Connect to the containers after the script is run.

docker exec -it <CID> bash

Once on a container, verify connectivity.

nexctl nexd peers ping

Once done, cleanup the container individually or delete all running containers. Note, this will delete ALL running containers.

docker rm -f $(docker ps -a -q)

The script assumes the user can run docker by adding the current user to the docker group.

sudo groupadd docker
sudo usermod -aG docker $USER

Scale Testing Attaching to a KIND Deployment

If you want to run scale testing via containers outside of CI similar to the last example but to a KIND server, you can use the nexodus/hack/e2e-scripts/qa-kind-container-scale.sh

git clone https://github.com/nexodus-io/nexodus.git
cd nexodus/hack/e2e-scripts
/qa-kind-container-scale.sh  --nexd-user kitteh1 --nexd-password "floofykittens" --nexd-count 3 --api-server-ip x.x.x.x

To use Podman as the container runtime, simply add the --podman flag.

git clone https://github.com/nexodus-io/nexodus.git
cd nexodus/hack/e2e-scripts
/qa-kind-container-scale.sh --podman --nexd-user kitteh1 --nexd-password "floofykittens" --nexd-count 3 --api-server-ip x.x.x.x

The difference is this script adds the self-signed cert from the kind deployment, that is created with the make ca-cert in the KIND configuration. The cert has to be in the same directory as the script in a file named rootCA.pem in order to be copied to each container for import.

Nexodus Control Plane Scale Testing Results (as of Oct, 2023)

High level scale results

Nexodus Control Plane can scale to 10000 devices with 200 organization with 50 devices per organization.
Nexodus Control Plane can scale to 1000 devices per organization.

Scale testing setup

Nexodus control plane stack was replicated into a playground namespace in the same cluster.
Using the qa-container-scale.sh script, multiple devices running the nexd agent were created and connected to the Nexodus control plane.
Used AWS EC2 x2large instance to spawn these nexd devices.
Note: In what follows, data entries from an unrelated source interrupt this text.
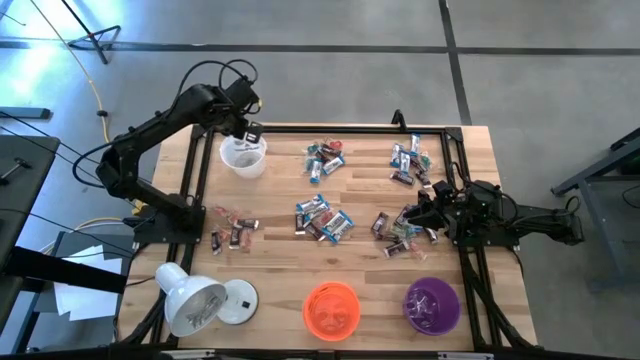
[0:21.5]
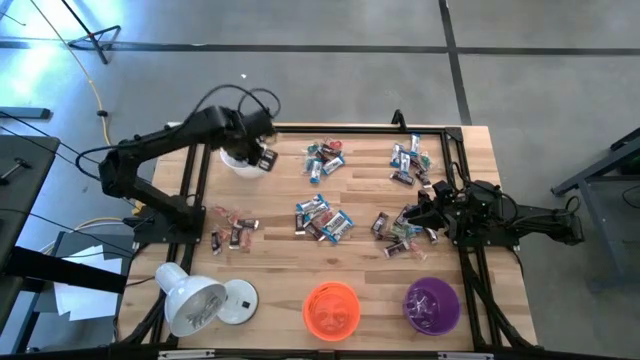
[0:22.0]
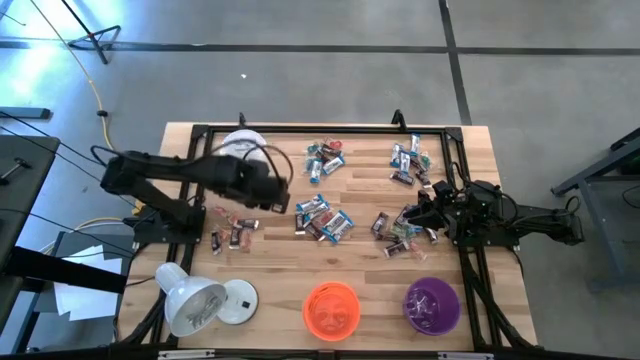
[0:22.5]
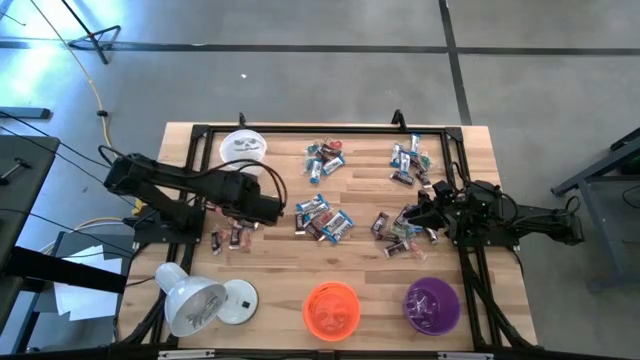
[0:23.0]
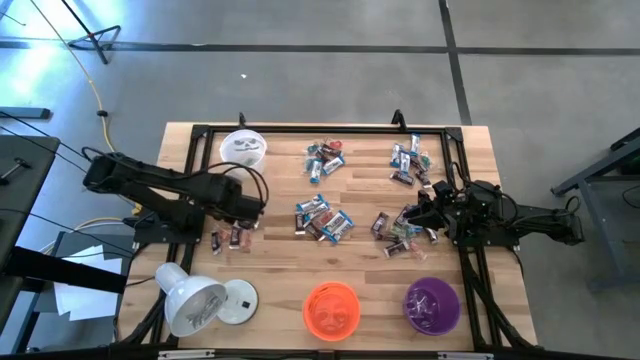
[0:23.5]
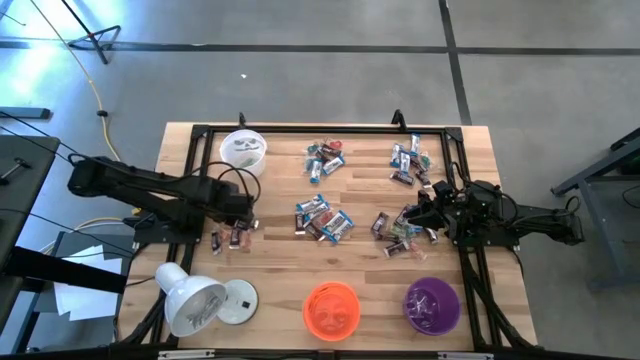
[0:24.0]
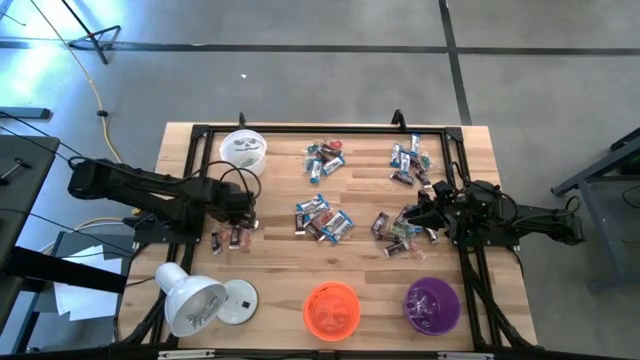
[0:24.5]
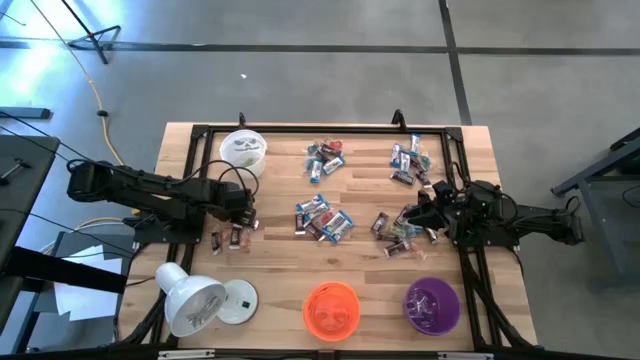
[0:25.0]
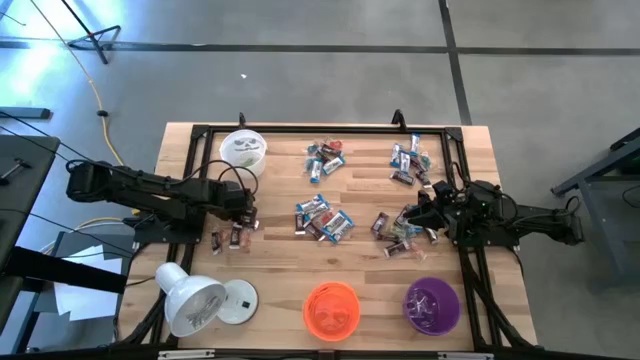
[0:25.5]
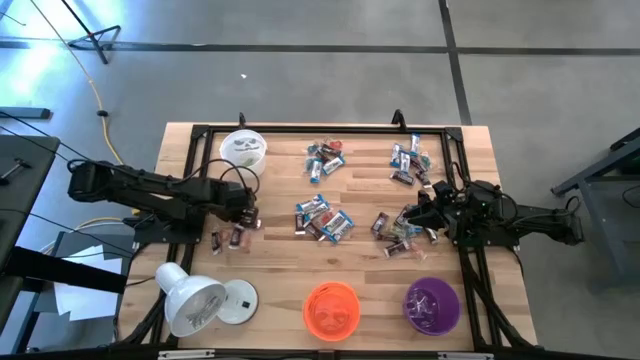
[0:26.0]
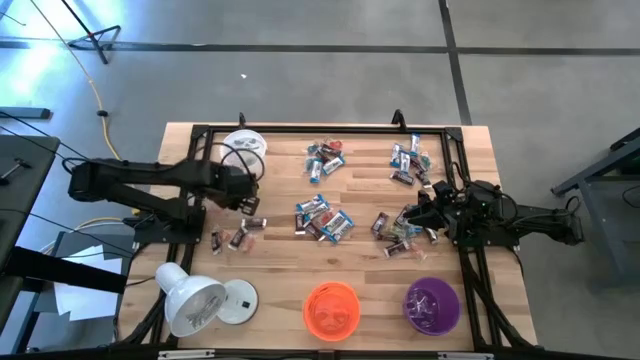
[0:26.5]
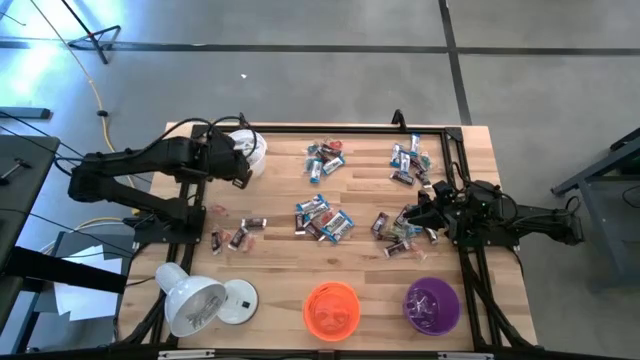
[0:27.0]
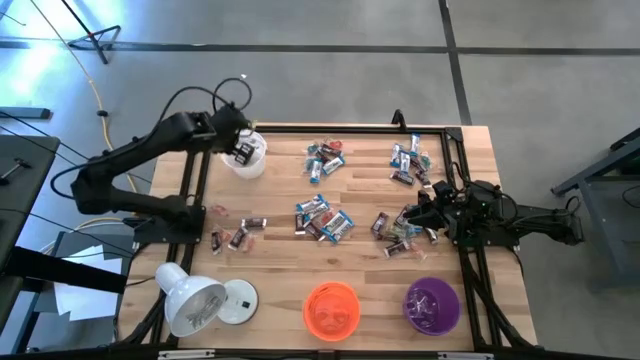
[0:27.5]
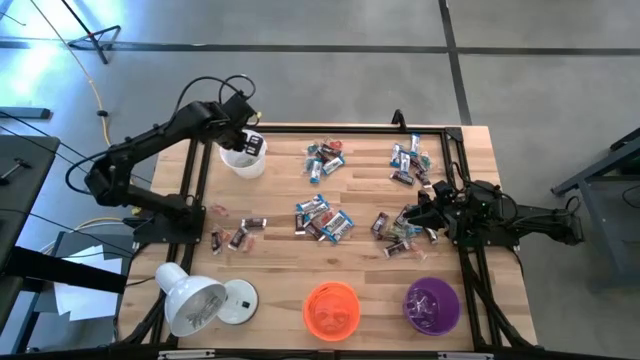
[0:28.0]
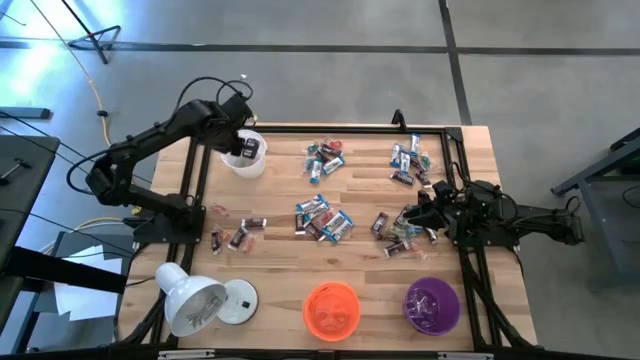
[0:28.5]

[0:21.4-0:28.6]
Put the orange gummy into the white bucket

Each EC2 instance was able to accommodate 1000 containers. A New EC2 VM was added as we need to scale more.
Helpful scripts to run scale tests are available in nexodus/hack/e2e-scripts/scale directory.
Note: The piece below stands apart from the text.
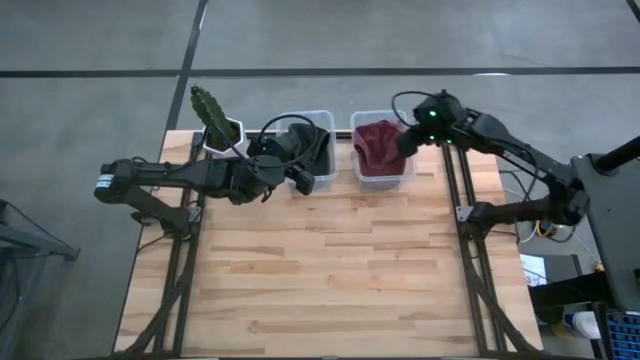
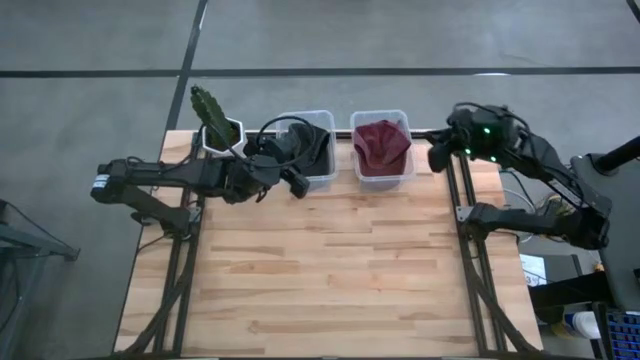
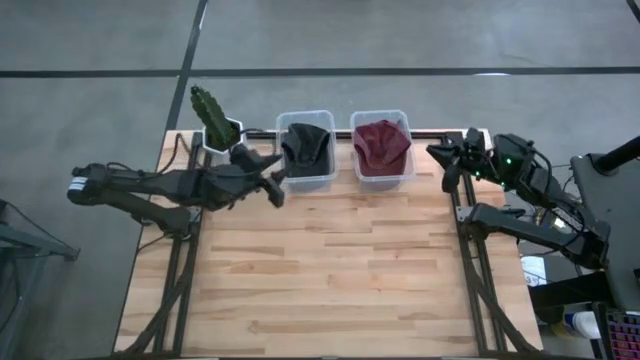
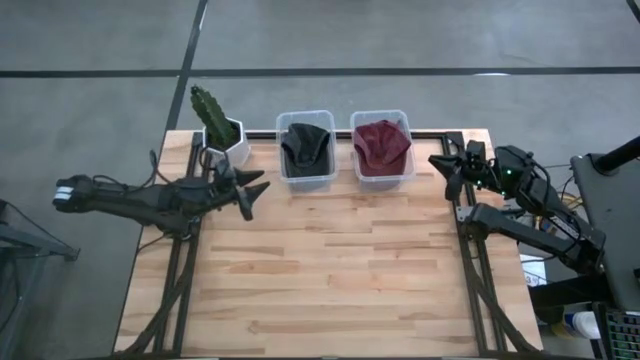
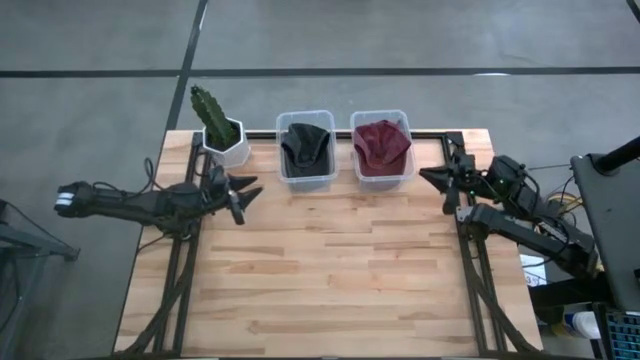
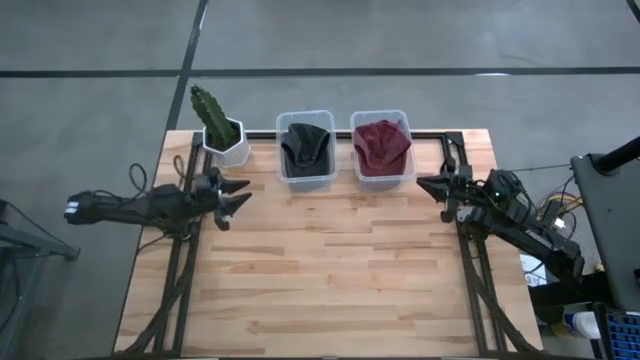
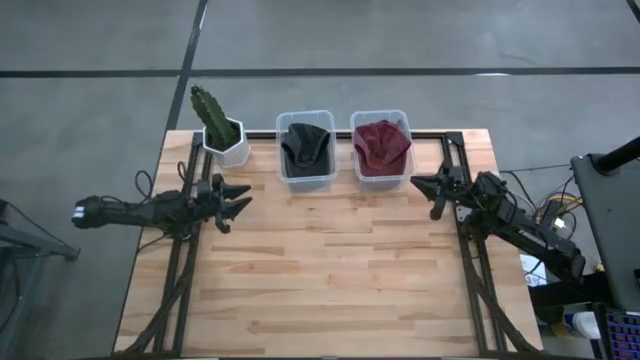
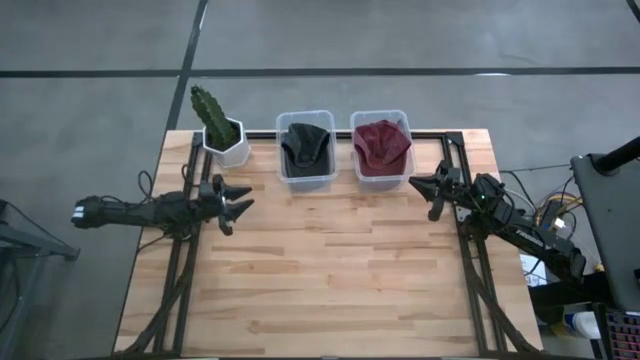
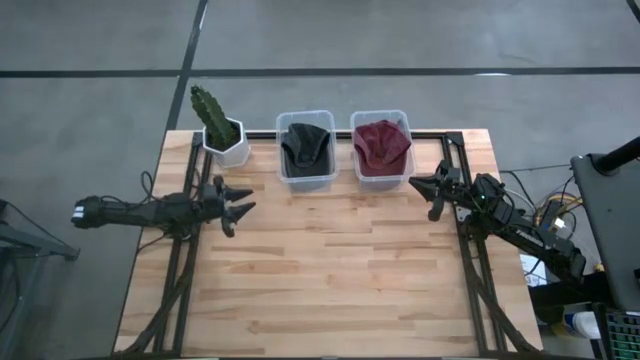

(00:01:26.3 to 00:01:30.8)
Task: Pick & Place hat
Return to Home Position

Major challenges for scale

High CPU of some key components - ApiServer and ApiProxy. A major contributor to the high CPU were the slow DB queries (such as fetching devices, security groups). Because of the slow DB queries, ApiServer was not able to process the requests fast enough and new device onboarding started failing.
Implementing watchers for the slow queries and optimizing the queries help reduce the overall request processing time and the CPU usage.
ApiProxy to ApiServer connection scale issues. As the number of devices increased, the number of connections & requests per connection to ApiProxy (Envoy proxy) to ApiServer increased. This caused the ApiProxy to get overloaded and that triggered envoy proxy's circuit breakers. Due to the open circuit breaker, nexd agent started seeing request failures and stopped getting updates from the control plane.
Configuring the envoy proxy's connection pool and circuit breaker to handle the 10K scale, resolved the connection scale issues.
ApiServer to DB connection scale issues. Once the ApiProxy to ApiServer connection/request rate limit was fixed, it allowed a higher number of connections/requests from ApiServer to DB as the number of devices increased. This caused the DB to get overloaded and DB start running out of connections.
Introduced PGBouncer between the ApiServer and DB to manage connection pooling configuration and DB connection configuration (shared buffer, max connections, max client connections)which resolved the connection issues.
Once the above mentioned issues were resolved, the ApiProxy, ApiServer and DB pods start encountering high CPU, but this time it was simply because they needed more compute to process more requests. At this point, scale was proportioned to the available compute to these components.
Horizontally scaling the replicas and allocating more compute resources to these replicas handled 10K devices with 60% overall resources usage. Refer to this deployment yaml for more details about the replicas and compute resources allocated to each component.